**WHAT YOU HAVE TO DO**
Start at the line in the entries below that contains "[diagram: same view", stop at the line that contains "Length unit declared in the file: inch", and output exactly the lines in that span, both ends included.

**SOURCE MATERIAL**
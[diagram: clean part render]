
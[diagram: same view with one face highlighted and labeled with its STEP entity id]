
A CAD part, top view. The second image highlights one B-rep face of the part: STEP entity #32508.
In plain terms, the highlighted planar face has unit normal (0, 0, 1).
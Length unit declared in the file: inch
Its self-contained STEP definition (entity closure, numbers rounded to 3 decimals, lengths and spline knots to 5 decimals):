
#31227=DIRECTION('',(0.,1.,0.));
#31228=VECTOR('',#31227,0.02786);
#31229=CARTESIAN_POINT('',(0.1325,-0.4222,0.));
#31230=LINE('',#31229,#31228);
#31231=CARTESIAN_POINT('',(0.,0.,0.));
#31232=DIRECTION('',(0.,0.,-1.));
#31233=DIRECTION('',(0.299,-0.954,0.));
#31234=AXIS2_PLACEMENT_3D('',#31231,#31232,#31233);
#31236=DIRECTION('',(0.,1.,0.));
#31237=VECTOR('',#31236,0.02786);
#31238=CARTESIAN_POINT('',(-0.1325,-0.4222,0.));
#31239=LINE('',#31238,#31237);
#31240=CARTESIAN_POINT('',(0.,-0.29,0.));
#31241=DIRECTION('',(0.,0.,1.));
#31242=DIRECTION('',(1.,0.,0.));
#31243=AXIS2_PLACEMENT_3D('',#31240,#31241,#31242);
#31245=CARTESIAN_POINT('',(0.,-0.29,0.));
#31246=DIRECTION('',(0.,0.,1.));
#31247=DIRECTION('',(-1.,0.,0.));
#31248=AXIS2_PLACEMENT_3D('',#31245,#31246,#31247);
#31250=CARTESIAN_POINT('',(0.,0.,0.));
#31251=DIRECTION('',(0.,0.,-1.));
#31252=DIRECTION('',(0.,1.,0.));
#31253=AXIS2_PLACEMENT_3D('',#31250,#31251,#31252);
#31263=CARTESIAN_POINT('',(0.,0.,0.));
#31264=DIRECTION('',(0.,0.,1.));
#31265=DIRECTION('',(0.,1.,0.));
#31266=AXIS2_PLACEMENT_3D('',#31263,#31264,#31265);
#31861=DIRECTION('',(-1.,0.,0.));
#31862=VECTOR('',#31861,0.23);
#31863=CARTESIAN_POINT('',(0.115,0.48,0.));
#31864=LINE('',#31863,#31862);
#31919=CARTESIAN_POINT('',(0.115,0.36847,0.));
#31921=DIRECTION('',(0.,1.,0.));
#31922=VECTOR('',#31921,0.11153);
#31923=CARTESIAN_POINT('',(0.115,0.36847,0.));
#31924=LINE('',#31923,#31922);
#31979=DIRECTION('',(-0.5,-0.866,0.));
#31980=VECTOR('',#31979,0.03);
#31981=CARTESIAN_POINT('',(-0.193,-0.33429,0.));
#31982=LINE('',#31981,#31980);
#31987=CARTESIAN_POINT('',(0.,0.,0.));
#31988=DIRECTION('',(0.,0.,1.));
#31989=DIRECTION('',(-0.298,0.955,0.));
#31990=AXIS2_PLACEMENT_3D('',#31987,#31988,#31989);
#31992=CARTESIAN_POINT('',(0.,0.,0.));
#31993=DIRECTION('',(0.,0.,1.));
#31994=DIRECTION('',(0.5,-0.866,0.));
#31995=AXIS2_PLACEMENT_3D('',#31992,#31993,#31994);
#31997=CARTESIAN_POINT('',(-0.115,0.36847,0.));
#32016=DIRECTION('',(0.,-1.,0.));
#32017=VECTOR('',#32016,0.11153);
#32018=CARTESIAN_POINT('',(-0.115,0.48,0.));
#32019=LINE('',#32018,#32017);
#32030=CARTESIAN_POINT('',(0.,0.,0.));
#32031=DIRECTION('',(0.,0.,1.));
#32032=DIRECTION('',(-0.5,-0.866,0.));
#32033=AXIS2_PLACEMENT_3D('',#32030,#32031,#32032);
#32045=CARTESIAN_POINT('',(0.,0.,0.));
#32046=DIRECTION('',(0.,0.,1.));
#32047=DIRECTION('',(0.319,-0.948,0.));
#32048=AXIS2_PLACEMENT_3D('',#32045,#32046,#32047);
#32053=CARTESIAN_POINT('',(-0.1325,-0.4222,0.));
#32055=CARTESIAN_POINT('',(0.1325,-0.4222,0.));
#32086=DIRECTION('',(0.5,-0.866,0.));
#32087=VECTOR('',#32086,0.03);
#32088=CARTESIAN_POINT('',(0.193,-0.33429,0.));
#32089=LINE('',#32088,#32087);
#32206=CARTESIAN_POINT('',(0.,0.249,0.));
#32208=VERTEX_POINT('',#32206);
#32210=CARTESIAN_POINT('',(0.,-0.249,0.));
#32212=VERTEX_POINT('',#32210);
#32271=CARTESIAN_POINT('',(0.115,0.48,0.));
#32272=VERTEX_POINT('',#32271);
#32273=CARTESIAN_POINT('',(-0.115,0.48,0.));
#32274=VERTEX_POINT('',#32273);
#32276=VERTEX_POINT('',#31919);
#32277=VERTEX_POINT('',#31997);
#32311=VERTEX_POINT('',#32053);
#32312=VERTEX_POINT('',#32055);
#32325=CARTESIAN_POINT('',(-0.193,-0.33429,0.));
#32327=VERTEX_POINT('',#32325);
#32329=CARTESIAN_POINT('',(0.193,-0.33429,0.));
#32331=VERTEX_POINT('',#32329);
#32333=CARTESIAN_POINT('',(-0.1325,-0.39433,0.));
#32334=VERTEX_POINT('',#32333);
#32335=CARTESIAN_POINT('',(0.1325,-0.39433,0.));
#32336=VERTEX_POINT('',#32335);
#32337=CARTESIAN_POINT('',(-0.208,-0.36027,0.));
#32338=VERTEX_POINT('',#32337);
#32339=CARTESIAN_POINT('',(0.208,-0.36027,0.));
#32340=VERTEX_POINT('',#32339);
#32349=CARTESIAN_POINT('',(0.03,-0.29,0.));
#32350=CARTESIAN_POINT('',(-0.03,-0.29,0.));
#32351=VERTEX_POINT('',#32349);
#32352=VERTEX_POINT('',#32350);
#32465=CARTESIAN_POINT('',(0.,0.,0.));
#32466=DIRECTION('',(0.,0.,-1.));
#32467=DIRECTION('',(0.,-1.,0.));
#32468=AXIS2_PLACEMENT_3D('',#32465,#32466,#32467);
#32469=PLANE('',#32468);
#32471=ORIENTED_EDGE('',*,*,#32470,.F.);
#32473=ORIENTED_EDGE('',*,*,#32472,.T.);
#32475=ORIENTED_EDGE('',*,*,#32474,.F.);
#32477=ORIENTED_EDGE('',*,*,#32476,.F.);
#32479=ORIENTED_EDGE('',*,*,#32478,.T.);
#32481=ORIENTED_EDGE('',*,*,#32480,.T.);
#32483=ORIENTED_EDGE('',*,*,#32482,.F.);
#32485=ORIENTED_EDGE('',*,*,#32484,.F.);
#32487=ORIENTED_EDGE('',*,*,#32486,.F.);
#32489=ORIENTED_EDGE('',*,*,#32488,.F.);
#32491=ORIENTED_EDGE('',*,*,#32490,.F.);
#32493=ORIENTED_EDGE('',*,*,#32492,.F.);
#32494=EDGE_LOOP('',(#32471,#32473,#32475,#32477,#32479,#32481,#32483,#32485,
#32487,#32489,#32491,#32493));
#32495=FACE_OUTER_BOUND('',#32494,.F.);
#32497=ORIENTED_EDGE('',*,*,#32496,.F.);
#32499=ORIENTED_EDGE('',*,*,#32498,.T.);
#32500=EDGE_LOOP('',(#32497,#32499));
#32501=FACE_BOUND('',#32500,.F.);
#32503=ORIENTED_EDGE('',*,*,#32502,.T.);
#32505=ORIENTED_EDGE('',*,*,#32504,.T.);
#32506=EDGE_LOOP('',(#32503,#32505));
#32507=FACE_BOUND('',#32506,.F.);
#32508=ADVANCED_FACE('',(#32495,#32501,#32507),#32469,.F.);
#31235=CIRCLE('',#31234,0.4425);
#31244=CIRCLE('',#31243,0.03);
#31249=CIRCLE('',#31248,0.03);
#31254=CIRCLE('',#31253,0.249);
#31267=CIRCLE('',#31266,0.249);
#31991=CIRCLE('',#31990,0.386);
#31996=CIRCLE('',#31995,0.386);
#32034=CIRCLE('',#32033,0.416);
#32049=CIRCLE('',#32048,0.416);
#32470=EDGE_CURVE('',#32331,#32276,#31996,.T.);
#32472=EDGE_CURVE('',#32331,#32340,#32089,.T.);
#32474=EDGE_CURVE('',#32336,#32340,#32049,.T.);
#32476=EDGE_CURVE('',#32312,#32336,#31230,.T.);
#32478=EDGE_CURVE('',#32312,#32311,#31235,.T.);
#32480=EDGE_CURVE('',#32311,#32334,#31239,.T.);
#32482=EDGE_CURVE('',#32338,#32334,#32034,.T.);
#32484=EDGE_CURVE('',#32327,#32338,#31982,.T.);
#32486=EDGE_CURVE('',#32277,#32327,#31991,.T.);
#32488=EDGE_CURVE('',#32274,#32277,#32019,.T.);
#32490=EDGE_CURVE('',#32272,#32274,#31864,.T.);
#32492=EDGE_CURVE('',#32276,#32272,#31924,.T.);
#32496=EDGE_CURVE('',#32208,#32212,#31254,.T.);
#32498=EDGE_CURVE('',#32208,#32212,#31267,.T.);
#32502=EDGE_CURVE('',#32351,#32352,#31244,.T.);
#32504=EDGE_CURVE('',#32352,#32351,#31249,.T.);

==

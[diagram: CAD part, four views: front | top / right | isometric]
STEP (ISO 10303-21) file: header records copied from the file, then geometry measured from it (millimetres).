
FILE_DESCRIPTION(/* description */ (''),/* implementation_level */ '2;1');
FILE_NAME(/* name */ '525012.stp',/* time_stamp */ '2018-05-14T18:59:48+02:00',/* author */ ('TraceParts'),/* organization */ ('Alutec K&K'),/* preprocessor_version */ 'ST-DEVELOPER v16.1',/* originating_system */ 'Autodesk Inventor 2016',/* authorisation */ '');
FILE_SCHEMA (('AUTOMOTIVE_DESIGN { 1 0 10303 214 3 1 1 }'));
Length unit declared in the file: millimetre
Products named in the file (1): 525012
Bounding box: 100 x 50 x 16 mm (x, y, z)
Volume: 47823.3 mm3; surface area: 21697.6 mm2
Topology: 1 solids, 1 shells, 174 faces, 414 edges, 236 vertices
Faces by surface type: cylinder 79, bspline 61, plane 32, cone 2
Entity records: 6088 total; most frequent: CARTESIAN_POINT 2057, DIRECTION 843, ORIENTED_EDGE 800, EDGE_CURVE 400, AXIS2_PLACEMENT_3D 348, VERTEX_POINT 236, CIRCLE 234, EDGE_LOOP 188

**EXERCISE OUTPUT**
[diagram: same view with one face highlighted and labeled with its STEP entity id]
A CAD part, top view. The second image highlights one B-rep face of the part: STEP entity #32508.
In plain terms, the highlighted planar face has unit normal (0, 0, 1).
Length unit declared in the file: inch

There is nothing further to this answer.